== WORK TO COMPLETE ==
Your task is to copy every line of the entries that contains "scale".

Records from a data collection:
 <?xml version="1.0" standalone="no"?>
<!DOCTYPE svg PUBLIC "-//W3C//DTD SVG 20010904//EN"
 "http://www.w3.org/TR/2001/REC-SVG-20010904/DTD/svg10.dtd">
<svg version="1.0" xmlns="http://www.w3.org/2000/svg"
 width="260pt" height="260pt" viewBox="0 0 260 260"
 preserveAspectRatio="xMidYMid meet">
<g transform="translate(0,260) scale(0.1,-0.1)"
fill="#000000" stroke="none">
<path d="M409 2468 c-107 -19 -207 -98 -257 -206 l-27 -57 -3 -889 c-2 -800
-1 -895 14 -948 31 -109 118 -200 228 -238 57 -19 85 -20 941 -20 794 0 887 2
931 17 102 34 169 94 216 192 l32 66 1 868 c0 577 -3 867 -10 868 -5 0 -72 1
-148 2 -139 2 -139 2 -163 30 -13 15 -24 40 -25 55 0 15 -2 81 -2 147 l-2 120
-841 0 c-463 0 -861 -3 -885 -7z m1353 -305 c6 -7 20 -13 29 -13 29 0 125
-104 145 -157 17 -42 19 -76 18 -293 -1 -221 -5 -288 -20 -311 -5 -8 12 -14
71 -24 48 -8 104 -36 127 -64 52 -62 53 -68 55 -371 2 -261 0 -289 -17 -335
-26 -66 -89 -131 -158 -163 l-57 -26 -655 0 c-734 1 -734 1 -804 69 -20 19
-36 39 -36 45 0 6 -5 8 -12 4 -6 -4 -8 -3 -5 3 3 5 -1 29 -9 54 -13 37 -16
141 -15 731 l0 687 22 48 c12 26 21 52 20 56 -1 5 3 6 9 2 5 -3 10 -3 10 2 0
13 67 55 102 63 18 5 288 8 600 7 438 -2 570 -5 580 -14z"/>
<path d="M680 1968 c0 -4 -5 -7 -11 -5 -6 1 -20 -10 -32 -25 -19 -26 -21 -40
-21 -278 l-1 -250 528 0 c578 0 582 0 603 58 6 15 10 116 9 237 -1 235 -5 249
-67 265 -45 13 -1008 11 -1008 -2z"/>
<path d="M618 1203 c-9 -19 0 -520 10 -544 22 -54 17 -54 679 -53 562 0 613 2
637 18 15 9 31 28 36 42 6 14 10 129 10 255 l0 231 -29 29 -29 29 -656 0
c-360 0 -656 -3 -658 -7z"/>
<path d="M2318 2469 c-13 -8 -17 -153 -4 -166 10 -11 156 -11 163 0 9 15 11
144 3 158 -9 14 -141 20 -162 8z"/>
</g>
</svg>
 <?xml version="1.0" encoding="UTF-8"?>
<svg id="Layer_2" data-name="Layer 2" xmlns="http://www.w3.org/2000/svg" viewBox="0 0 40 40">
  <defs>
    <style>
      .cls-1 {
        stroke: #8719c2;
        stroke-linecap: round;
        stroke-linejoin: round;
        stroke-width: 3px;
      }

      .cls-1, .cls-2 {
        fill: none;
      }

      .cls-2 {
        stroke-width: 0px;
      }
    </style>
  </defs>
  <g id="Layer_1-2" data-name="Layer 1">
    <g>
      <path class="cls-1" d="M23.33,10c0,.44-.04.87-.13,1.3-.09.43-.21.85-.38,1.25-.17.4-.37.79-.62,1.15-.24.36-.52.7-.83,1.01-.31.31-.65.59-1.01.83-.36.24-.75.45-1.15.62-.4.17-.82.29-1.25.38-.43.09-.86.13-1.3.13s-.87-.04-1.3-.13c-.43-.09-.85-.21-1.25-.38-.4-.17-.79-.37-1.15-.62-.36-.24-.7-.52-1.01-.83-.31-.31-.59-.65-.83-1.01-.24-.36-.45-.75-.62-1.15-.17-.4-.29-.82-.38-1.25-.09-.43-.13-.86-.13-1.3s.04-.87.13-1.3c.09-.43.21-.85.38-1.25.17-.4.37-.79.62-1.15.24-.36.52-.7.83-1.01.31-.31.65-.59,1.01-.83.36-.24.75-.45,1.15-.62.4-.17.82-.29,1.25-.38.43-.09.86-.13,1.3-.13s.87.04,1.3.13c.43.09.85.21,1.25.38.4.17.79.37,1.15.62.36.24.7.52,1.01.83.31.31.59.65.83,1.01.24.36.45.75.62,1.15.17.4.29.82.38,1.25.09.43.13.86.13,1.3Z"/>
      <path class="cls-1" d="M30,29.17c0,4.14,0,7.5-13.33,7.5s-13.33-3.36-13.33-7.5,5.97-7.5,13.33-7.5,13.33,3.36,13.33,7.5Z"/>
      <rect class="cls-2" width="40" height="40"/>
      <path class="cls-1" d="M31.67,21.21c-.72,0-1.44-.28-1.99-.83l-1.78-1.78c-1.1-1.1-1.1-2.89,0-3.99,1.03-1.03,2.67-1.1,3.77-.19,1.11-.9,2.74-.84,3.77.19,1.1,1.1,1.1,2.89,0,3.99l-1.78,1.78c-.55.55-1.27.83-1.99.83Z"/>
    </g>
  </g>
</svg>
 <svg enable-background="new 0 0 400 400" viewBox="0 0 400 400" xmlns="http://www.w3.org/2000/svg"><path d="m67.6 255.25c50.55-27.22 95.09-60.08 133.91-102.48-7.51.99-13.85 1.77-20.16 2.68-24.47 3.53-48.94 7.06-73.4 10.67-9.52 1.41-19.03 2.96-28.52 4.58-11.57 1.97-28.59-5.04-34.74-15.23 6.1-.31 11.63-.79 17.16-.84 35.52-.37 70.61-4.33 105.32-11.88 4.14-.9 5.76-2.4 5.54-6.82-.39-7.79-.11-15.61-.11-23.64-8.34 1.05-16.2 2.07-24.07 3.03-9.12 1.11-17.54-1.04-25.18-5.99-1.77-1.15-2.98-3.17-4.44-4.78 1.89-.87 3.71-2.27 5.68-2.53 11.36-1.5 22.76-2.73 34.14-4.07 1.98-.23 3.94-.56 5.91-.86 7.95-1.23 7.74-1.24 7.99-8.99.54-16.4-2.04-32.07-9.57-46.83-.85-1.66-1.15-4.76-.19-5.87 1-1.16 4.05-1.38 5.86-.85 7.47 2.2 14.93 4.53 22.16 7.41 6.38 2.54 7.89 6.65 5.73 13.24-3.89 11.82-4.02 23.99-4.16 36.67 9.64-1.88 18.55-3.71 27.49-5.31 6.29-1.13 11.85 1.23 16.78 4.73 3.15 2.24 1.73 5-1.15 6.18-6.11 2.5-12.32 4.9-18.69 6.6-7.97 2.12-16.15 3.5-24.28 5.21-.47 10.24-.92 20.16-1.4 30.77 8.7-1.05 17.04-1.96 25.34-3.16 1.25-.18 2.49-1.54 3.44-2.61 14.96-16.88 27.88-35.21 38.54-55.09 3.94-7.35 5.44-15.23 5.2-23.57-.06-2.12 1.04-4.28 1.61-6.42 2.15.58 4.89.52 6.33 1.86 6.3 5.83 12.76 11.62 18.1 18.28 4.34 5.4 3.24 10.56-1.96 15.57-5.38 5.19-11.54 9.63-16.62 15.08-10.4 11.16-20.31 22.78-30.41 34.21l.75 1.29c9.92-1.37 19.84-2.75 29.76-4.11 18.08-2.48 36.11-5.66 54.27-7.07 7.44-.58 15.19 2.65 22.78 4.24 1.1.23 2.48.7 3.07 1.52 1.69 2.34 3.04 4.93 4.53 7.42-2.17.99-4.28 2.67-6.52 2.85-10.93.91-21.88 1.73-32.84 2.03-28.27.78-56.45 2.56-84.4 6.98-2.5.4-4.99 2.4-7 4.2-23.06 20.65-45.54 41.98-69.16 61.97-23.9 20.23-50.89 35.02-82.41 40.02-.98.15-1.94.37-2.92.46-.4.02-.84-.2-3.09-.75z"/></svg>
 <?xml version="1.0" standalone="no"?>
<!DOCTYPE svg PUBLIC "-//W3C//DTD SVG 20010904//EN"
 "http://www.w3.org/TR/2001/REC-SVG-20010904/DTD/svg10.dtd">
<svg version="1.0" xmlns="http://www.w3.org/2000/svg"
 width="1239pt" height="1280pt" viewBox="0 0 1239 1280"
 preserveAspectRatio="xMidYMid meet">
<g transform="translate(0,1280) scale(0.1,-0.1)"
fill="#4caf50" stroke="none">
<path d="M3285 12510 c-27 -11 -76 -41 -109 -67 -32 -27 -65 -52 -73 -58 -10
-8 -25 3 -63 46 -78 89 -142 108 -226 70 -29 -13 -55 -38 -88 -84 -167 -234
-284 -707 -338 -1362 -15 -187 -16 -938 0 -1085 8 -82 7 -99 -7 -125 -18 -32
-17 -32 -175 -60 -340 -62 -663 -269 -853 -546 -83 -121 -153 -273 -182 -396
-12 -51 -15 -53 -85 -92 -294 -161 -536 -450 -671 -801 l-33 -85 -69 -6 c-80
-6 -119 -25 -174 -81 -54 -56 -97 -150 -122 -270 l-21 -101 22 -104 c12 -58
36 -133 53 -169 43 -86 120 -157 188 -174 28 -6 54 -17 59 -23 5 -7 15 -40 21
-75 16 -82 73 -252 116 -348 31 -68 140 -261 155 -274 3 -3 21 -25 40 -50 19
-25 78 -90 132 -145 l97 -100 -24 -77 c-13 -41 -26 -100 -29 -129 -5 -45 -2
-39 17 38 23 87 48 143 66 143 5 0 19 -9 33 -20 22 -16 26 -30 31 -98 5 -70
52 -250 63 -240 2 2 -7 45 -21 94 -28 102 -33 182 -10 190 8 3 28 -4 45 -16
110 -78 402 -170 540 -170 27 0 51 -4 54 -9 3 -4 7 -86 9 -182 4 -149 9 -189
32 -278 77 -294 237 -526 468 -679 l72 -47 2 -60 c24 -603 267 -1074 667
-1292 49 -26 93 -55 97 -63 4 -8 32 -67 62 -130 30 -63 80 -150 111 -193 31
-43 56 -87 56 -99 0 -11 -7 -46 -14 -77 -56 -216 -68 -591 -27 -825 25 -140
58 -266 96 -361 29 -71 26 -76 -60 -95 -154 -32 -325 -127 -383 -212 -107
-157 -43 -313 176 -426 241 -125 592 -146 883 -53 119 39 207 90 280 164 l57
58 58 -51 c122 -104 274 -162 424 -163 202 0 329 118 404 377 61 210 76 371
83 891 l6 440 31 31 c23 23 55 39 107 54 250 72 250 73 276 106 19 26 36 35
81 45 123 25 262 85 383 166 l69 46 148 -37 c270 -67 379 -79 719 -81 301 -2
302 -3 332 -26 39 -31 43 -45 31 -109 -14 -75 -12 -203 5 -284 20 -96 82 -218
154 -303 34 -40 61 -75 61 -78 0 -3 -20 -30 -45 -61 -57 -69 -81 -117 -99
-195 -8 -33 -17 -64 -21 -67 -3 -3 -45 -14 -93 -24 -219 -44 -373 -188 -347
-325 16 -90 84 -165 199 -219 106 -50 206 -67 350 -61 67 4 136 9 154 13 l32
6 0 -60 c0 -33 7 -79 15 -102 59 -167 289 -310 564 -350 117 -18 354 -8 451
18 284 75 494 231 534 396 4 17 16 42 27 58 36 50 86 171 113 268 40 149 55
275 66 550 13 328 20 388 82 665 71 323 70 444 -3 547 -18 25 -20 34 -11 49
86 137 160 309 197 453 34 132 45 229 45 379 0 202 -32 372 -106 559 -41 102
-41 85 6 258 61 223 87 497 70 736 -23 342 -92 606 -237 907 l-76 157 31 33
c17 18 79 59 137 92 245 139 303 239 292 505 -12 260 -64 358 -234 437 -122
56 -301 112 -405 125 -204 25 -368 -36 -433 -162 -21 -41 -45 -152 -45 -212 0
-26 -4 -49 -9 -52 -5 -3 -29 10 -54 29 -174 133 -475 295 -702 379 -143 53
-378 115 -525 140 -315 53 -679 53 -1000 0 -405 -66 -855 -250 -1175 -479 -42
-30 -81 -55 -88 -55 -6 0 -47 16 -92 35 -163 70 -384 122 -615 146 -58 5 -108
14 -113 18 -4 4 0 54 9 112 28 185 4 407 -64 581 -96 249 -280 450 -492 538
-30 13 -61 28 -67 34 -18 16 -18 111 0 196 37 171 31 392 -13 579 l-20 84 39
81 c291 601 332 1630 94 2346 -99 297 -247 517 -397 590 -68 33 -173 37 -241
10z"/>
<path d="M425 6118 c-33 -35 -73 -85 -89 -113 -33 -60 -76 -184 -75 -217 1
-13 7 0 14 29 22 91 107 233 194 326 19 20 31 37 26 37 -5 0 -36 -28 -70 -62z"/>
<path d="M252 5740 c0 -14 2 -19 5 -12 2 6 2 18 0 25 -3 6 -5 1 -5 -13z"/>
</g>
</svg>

== YOUR RESPONSE ==
<g transform="translate(0,260) scale(0.1,-0.1)"
<g transform="translate(0,1280) scale(0.1,-0.1)"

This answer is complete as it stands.